--- The data Enclosed Below ---

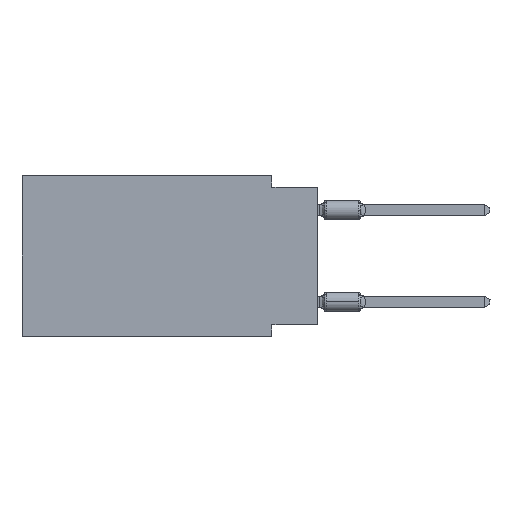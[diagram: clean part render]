
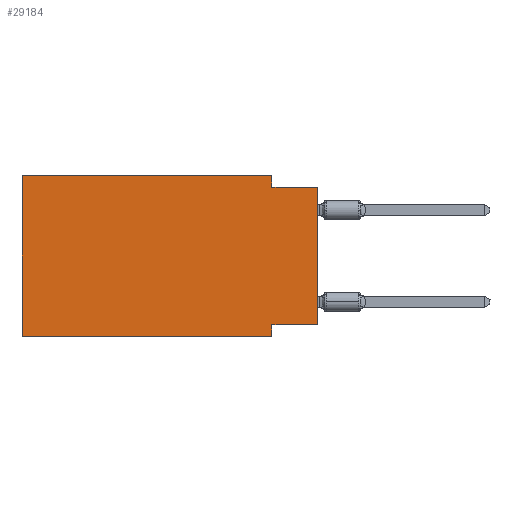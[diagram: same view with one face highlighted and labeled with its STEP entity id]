
A CAD part, left-side view. The second image highlights one B-rep face of the part: STEP entity #29184.
In plain terms, the highlighted planar face has unit normal (-1, 0, 0).
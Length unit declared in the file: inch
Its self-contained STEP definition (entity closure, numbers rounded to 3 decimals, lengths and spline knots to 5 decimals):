
#60 = CARTESIAN_POINT ( 'NONE',  ( 0., 0.1, -0.35 ) ) ;
#411 = CARTESIAN_POINT ( 'NONE',  ( 0., 0.1, 0. ) ) ;
#1915 = DIRECTION ( 'NONE',  ( 0., 0., 1. ) ) ;
#2559 = VERTEX_POINT ( 'NONE', #6960 ) ;
#3406 = EDGE_CURVE ( 'NONE', #56241, #29825, #12351, .T. ) ;
#3767 = DIRECTION ( 'NONE',  ( 0., -1., 0. ) ) ;
#6960 = CARTESIAN_POINT ( 'NONE',  ( 0., 0.1, -0.025 ) ) ;
#7560 = VECTOR ( 'NONE', #18254, 39.37008 ) ;
#11262 = CARTESIAN_POINT ( 'NONE',  ( 0., 0.645, 0. ) ) ;
#12351 = LINE ( 'NONE', #66016, #7560 ) ;
#13271 = EDGE_CURVE ( 'NONE', #25384, #2559, #59220, .T. ) ;
#16777 = LINE ( 'NONE', #59295, #57900 ) ;
#17331 = CARTESIAN_POINT ( 'NONE',  ( 0., 0., -0.325 ) ) ;
#18254 = DIRECTION ( 'NONE',  ( 0., -1., 0. ) ) ;
#18369 = VERTEX_POINT ( 'NONE', #61977 ) ;
#22076 = EDGE_CURVE ( 'NONE', #40456, #29825, #26531, .T. ) ;
#23472 = EDGE_LOOP ( 'NONE', ( #31948, #37552, #51195, #58822, #48191, #57469, #63019, #59845 ) ) ;
#25250 = CARTESIAN_POINT ( 'NONE',  ( 0., 0.1, -0.35 ) ) ;
#25384 = VERTEX_POINT ( 'NONE', #411 ) ;
#25517 = EDGE_CURVE ( 'NONE', #56241, #38404, #16777, .T. ) ;
#25740 = EDGE_CURVE ( 'NONE', #2559, #18369, #35556, .T. ) ;
#26531 = LINE ( 'NONE', #60, #38780 ) ;
#27556 = DIRECTION ( 'NONE',  ( 0., 0., 1. ) ) ;
#28634 = EDGE_CURVE ( 'NONE', #68149, #18369, #44099, .T. ) ;
#29184 = ADVANCED_FACE ( 'NONE', ( #50600 ), #67001, .F. ) ;
#29186 = CARTESIAN_POINT ( 'NONE',  ( 0., 0., -0.325 ) ) ;
#29825 = VERTEX_POINT ( 'NONE', #25250 ) ;
#30230 = LINE ( 'NONE', #51502, #46828 ) ;
#30661 = DIRECTION ( 'NONE',  ( 0., -1., 0. ) ) ;
#31736 = CARTESIAN_POINT ( 'NONE',  ( 0., 0.645, -0.35 ) ) ;
#31948 = ORIENTED_EDGE ( 'NONE', *, *, #28634, .T. ) ;
#32717 = CARTESIAN_POINT ( 'NONE',  ( 0., 0.1, 0. ) ) ;
#34221 = DIRECTION ( 'NONE',  ( 0., 0., -1. ) ) ;
#35277 = DIRECTION ( 'NONE',  ( 1., 0., 0. ) ) ;
#35556 = LINE ( 'NONE', #68308, #41900 ) ;
#37552 = ORIENTED_EDGE ( 'NONE', *, *, #25740, .F. ) ;
#38093 = VECTOR ( 'NONE', #58557, 39.37008 ) ;
#38404 = VERTEX_POINT ( 'NONE', #11262 ) ;
#38780 = VECTOR ( 'NONE', #58258, 39.37008 ) ;
#39902 = VECTOR ( 'NONE', #50461, 39.37008 ) ;
#40456 = VERTEX_POINT ( 'NONE', #52213 ) ;
#41900 = VECTOR ( 'NONE', #30661, 39.37008 ) ;
#44099 = LINE ( 'NONE', #65361, #51586 ) ;
#44185 = EDGE_CURVE ( 'NONE', #38404, #25384, #30230, .T. ) ;
#46828 = VECTOR ( 'NONE', #3767, 39.37008 ) ;
#48191 = ORIENTED_EDGE ( 'NONE', *, *, #25517, .F. ) ;
#50461 = DIRECTION ( 'NONE',  ( 0., 1., 0. ) ) ;
#50600 = FACE_OUTER_BOUND ( 'NONE', #23472, .T. ) ;
#51195 = ORIENTED_EDGE ( 'NONE', *, *, #13271, .F. ) ;
#51502 = CARTESIAN_POINT ( 'NONE',  ( 0., 0.645, 0. ) ) ;
#51586 = VECTOR ( 'NONE', #1915, 39.37008 ) ;
#52213 = CARTESIAN_POINT ( 'NONE',  ( 0., 0.1, -0.325 ) ) ;
#52944 = EDGE_CURVE ( 'NONE', #68149, #40456, #54674, .T. ) ;
#54674 = LINE ( 'NONE', #29186, #39902 ) ;
#56241 = VERTEX_POINT ( 'NONE', #31736 ) ;
#57469 = ORIENTED_EDGE ( 'NONE', *, *, #3406, .T. ) ;
#57900 = VECTOR ( 'NONE', #27556, 39.37008 ) ;
#58258 = DIRECTION ( 'NONE',  ( 0., 0., -1. ) ) ;
#58557 = DIRECTION ( 'NONE',  ( 0., 0., -1. ) ) ;
#58822 = ORIENTED_EDGE ( 'NONE', *, *, #44185, .F. ) ;
#59220 = LINE ( 'NONE', #32717, #38093 ) ;
#59295 = CARTESIAN_POINT ( 'NONE',  ( 0., 0.645, 0. ) ) ;
#59845 = ORIENTED_EDGE ( 'NONE', *, *, #52944, .F. ) ;
#60733 = CARTESIAN_POINT ( 'NONE',  ( 0., 0.645, 0. ) ) ;
#61977 = CARTESIAN_POINT ( 'NONE',  ( 0., 0., -0.025 ) ) ;
#62798 = AXIS2_PLACEMENT_3D ( 'NONE', #60733, #35277, #34221 ) ;
#63019 = ORIENTED_EDGE ( 'NONE', *, *, #22076, .F. ) ;
#65361 = CARTESIAN_POINT ( 'NONE',  ( 0., 0., 0. ) ) ;
#66016 = CARTESIAN_POINT ( 'NONE',  ( 0., 0.645, -0.35 ) ) ;
#67001 = PLANE ( 'NONE',  #62798 ) ;
#68149 = VERTEX_POINT ( 'NONE', #17331 ) ;
#68308 = CARTESIAN_POINT ( 'NONE',  ( 0., 0., -0.025 ) ) ;

--- End of Enclosed The data ---

• Task statement
The copy you produce must match the entries above exactly, except that it has no pictures.

• Result of this exercise
[diagram: clean part render]
[diagram: same view with one face highlighted and labeled with its STEP entity id]
A CAD part, left-side view. The second image highlights one B-rep face of the part: STEP entity #29184.
In plain terms, the highlighted planar face has unit normal (-1, 0, 0).
Length unit declared in the file: inch
Its self-contained STEP definition (entity closure, numbers rounded to 3 decimals, lengths and spline knots to 5 decimals):
#60 = CARTESIAN_POINT ( 'NONE',  ( 0., 0.1, -0.35 ) ) ;
#411 = CARTESIAN_POINT ( 'NONE',  ( 0., 0.1, 0. ) ) ;
#1915 = DIRECTION ( 'NONE',  ( 0., 0., 1. ) ) ;
#2559 = VERTEX_POINT ( 'NONE', #6960 ) ;
#3406 = EDGE_CURVE ( 'NONE', #56241, #29825, #12351, .T. ) ;
#3767 = DIRECTION ( 'NONE',  ( 0., -1., 0. ) ) ;
#6960 = CARTESIAN_POINT ( 'NONE',  ( 0., 0.1, -0.025 ) ) ;
#7560 = VECTOR ( 'NONE', #18254, 39.37008 ) ;
#11262 = CARTESIAN_POINT ( 'NONE',  ( 0., 0.645, 0. ) ) ;
#12351 = LINE ( 'NONE', #66016, #7560 ) ;
#13271 = EDGE_CURVE ( 'NONE', #25384, #2559, #59220, .T. ) ;
#16777 = LINE ( 'NONE', #59295, #57900 ) ;
#17331 = CARTESIAN_POINT ( 'NONE',  ( 0., 0., -0.325 ) ) ;
#18254 = DIRECTION ( 'NONE',  ( 0., -1., 0. ) ) ;
#18369 = VERTEX_POINT ( 'NONE', #61977 ) ;
#22076 = EDGE_CURVE ( 'NONE', #40456, #29825, #26531, .T. ) ;
#23472 = EDGE_LOOP ( 'NONE', ( #31948, #37552, #51195, #58822, #48191, #57469, #63019, #59845 ) ) ;
#25250 = CARTESIAN_POINT ( 'NONE',  ( 0., 0.1, -0.35 ) ) ;
#25384 = VERTEX_POINT ( 'NONE', #411 ) ;
#25517 = EDGE_CURVE ( 'NONE', #56241, #38404, #16777, .T. ) ;
#25740 = EDGE_CURVE ( 'NONE', #2559, #18369, #35556, .T. ) ;
#26531 = LINE ( 'NONE', #60, #38780 ) ;
#27556 = DIRECTION ( 'NONE',  ( 0., 0., 1. ) ) ;
#28634 = EDGE_CURVE ( 'NONE', #68149, #18369, #44099, .T. ) ;
#29184 = ADVANCED_FACE ( 'NONE', ( #50600 ), #67001, .F. ) ;
#29186 = CARTESIAN_POINT ( 'NONE',  ( 0., 0., -0.325 ) ) ;
#29825 = VERTEX_POINT ( 'NONE', #25250 ) ;
#30230 = LINE ( 'NONE', #51502, #46828 ) ;
#30661 = DIRECTION ( 'NONE',  ( 0., -1., 0. ) ) ;
#31736 = CARTESIAN_POINT ( 'NONE',  ( 0., 0.645, -0.35 ) ) ;
#31948 = ORIENTED_EDGE ( 'NONE', *, *, #28634, .T. ) ;
#32717 = CARTESIAN_POINT ( 'NONE',  ( 0., 0.1, 0. ) ) ;
#34221 = DIRECTION ( 'NONE',  ( 0., 0., -1. ) ) ;
#35277 = DIRECTION ( 'NONE',  ( 1., 0., 0. ) ) ;
#35556 = LINE ( 'NONE', #68308, #41900 ) ;
#37552 = ORIENTED_EDGE ( 'NONE', *, *, #25740, .F. ) ;
#38093 = VECTOR ( 'NONE', #58557, 39.37008 ) ;
#38404 = VERTEX_POINT ( 'NONE', #11262 ) ;
#38780 = VECTOR ( 'NONE', #58258, 39.37008 ) ;
#39902 = VECTOR ( 'NONE', #50461, 39.37008 ) ;
#40456 = VERTEX_POINT ( 'NONE', #52213 ) ;
#41900 = VECTOR ( 'NONE', #30661, 39.37008 ) ;
#44099 = LINE ( 'NONE', #65361, #51586 ) ;
#44185 = EDGE_CURVE ( 'NONE', #38404, #25384, #30230, .T. ) ;
#46828 = VECTOR ( 'NONE', #3767, 39.37008 ) ;
#48191 = ORIENTED_EDGE ( 'NONE', *, *, #25517, .F. ) ;
#50461 = DIRECTION ( 'NONE',  ( 0., 1., 0. ) ) ;
#50600 = FACE_OUTER_BOUND ( 'NONE', #23472, .T. ) ;
#51195 = ORIENTED_EDGE ( 'NONE', *, *, #13271, .F. ) ;
#51502 = CARTESIAN_POINT ( 'NONE',  ( 0., 0.645, 0. ) ) ;
#51586 = VECTOR ( 'NONE', #1915, 39.37008 ) ;
#52213 = CARTESIAN_POINT ( 'NONE',  ( 0., 0.1, -0.325 ) ) ;
#52944 = EDGE_CURVE ( 'NONE', #68149, #40456, #54674, .T. ) ;
#54674 = LINE ( 'NONE', #29186, #39902 ) ;
#56241 = VERTEX_POINT ( 'NONE', #31736 ) ;
#57469 = ORIENTED_EDGE ( 'NONE', *, *, #3406, .T. ) ;
#57900 = VECTOR ( 'NONE', #27556, 39.37008 ) ;
#58258 = DIRECTION ( 'NONE',  ( 0., 0., -1. ) ) ;
#58557 = DIRECTION ( 'NONE',  ( 0., 0., -1. ) ) ;
#58822 = ORIENTED_EDGE ( 'NONE', *, *, #44185, .F. ) ;
#59220 = LINE ( 'NONE', #32717, #38093 ) ;
#59295 = CARTESIAN_POINT ( 'NONE',  ( 0., 0.645, 0. ) ) ;
#59845 = ORIENTED_EDGE ( 'NONE', *, *, #52944, .F. ) ;
#60733 = CARTESIAN_POINT ( 'NONE',  ( 0., 0.645, 0. ) ) ;
#61977 = CARTESIAN_POINT ( 'NONE',  ( 0., 0., -0.025 ) ) ;
#62798 = AXIS2_PLACEMENT_3D ( 'NONE', #60733, #35277, #34221 ) ;
#63019 = ORIENTED_EDGE ( 'NONE', *, *, #22076, .F. ) ;
#65361 = CARTESIAN_POINT ( 'NONE',  ( 0., 0., 0. ) ) ;
#66016 = CARTESIAN_POINT ( 'NONE',  ( 0., 0.645, -0.35 ) ) ;
#67001 = PLANE ( 'NONE',  #62798 ) ;
#68149 = VERTEX_POINT ( 'NONE', #17331 ) ;
#68308 = CARTESIAN_POINT ( 'NONE',  ( 0., 0., -0.025 ) ) ;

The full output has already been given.